Lordship of Christ means joyfully bowing to God’s will without hesitation or reservation while doing without question the Holy Spirit’s desire, direction, and purpose. Lordship means allowing Jesus to have his way in us no matter our fears, hesitations, anxieties, or doubts. Lordship means following the Lamb wherever he goes.

It is not logical or reasonable to speak of Him as Lord, and then to disobey him, because His Lordship implies an unquestioning bowing down to His will, and unhesitating and an unquestioning doing of His will.

Francis W. Dixon, “The Lordship of Christ,” Daily Thoughts from Keswick: A Year’s Daily Readings, ed. Herbert F. Stevenson (London: Hodder and Stoughton, 1980), 261.

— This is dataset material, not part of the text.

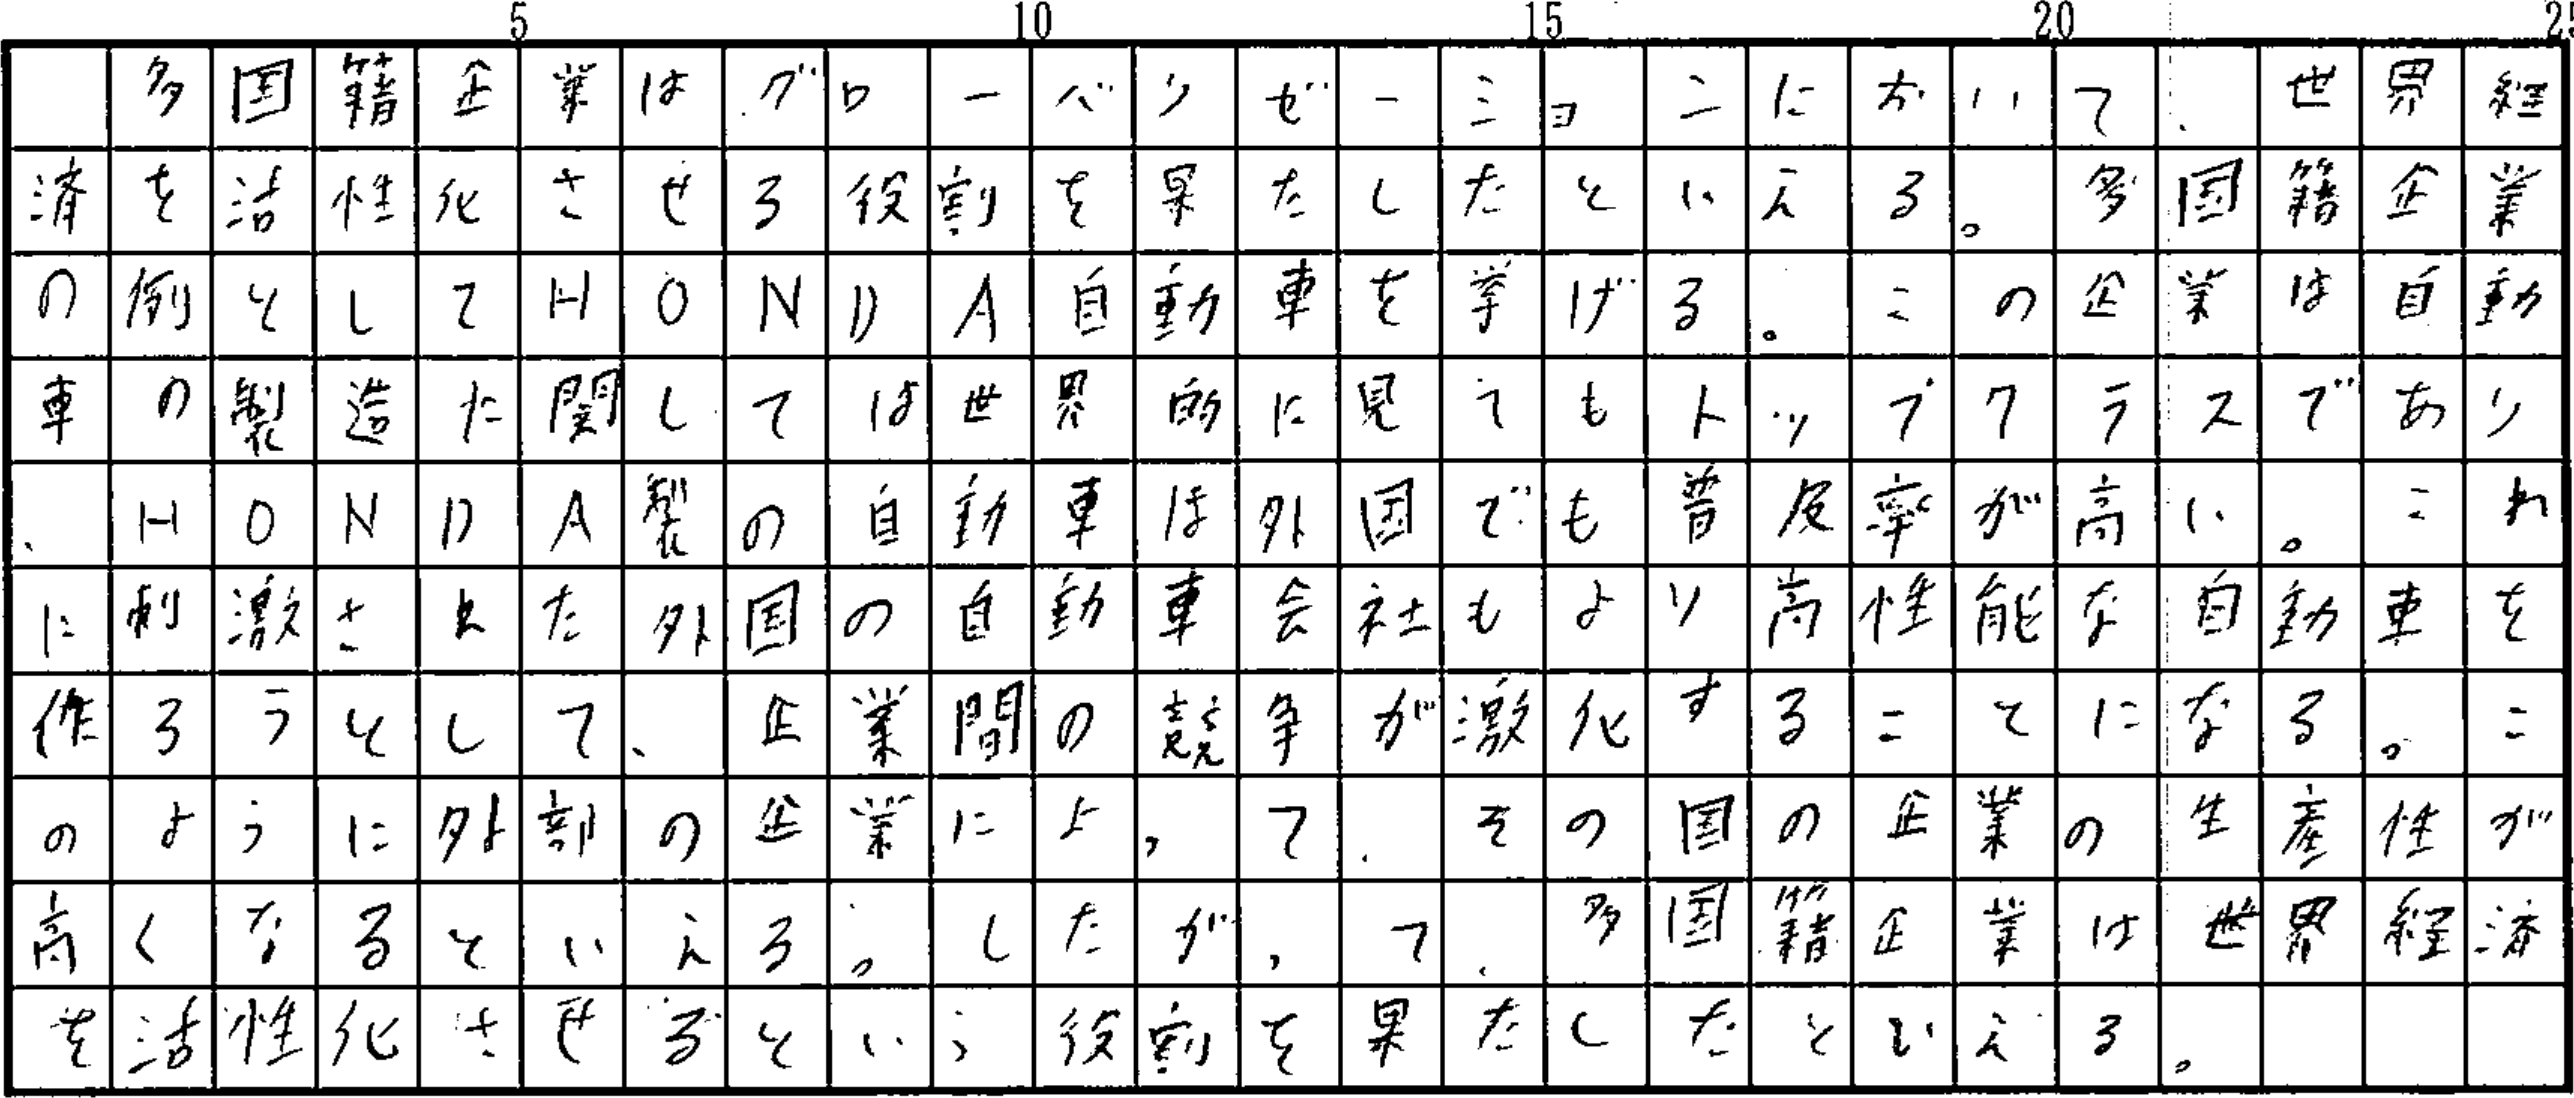　多国籍企業はグローバリゼーションにおいて、世界経済を活性化させる役割を果たしたといえる。多国籍企業の例としてＨＯＮＤＡ自動車を挙げる。この企業は自動車の製造に関しては世界的に見てもトップクラスであり、ＨＯＮＤＡ製の自動車は外国でも普及率が高い。これに刺激された外国の自動車会社もより高性能な自動車を作ろうとして、企業間の競争が激化することになる。このように外部の企業によって、その国の企業の生産性が高くなるといえる。したがって、多国籍企業は世界経済を活性化させるという役割を果たしたといえる。

There are not two Christs–an easygoing one for easygoing Christians, and a suffering, toiling one for exceptional believers. There is only one Christ. Fruit-bearing involves Cross-bearing.

J. Hudson Taylor

God’s Power Is Available Power

Friday, February 10th, 2012

But you will receive power when the Holy Spirit has come upon you.

Acts 1:8

On this blog, I have shared my experiences of fresh fillings of the Holy Spirit. I can say without hesitation and equivocation that without these very personal and deeply intimate encounters with the Holy Spirit, I would not have stayed in Christian ministry for over thirty years. Ministry is a hard-fought, supernatural battle: preaching the gospel, encouraging others to trust Christ, standing against Satan’s schemes, etc. I need, we all need, God’s power to see hearts changed, souls encouraged, and Satan defeated.

Ministry requires that we walk in supernatural power to fight and win a supernatural war. Our Heavenly Father gives us spiritual tools and supernatural weapons for the battle—the spiritual gifts.  These weapons are concrete expressions of grace, charismata, which enable and empower us as believers to do the words and perform the works of Jesus. This power, God’s power, is available to everyone of us, all need to do is ask (Luke 11:13).

God’s power is available power. We are supernatural people, born again by a supernatural birth, kept by a supernatural power, sustained on supernatural food, taught by the supernatural Teacher from a supernatural Book. We are led by a supernatural Captain in right paths to assured victories.

J. Hudson Taylor, Hudson Taylor on Spiritual Secrets: A 30 Day Devotional Treasury, compiled by Lance Wubbels (Lynnwood, WA: Emerald Books, 1998), Day 2.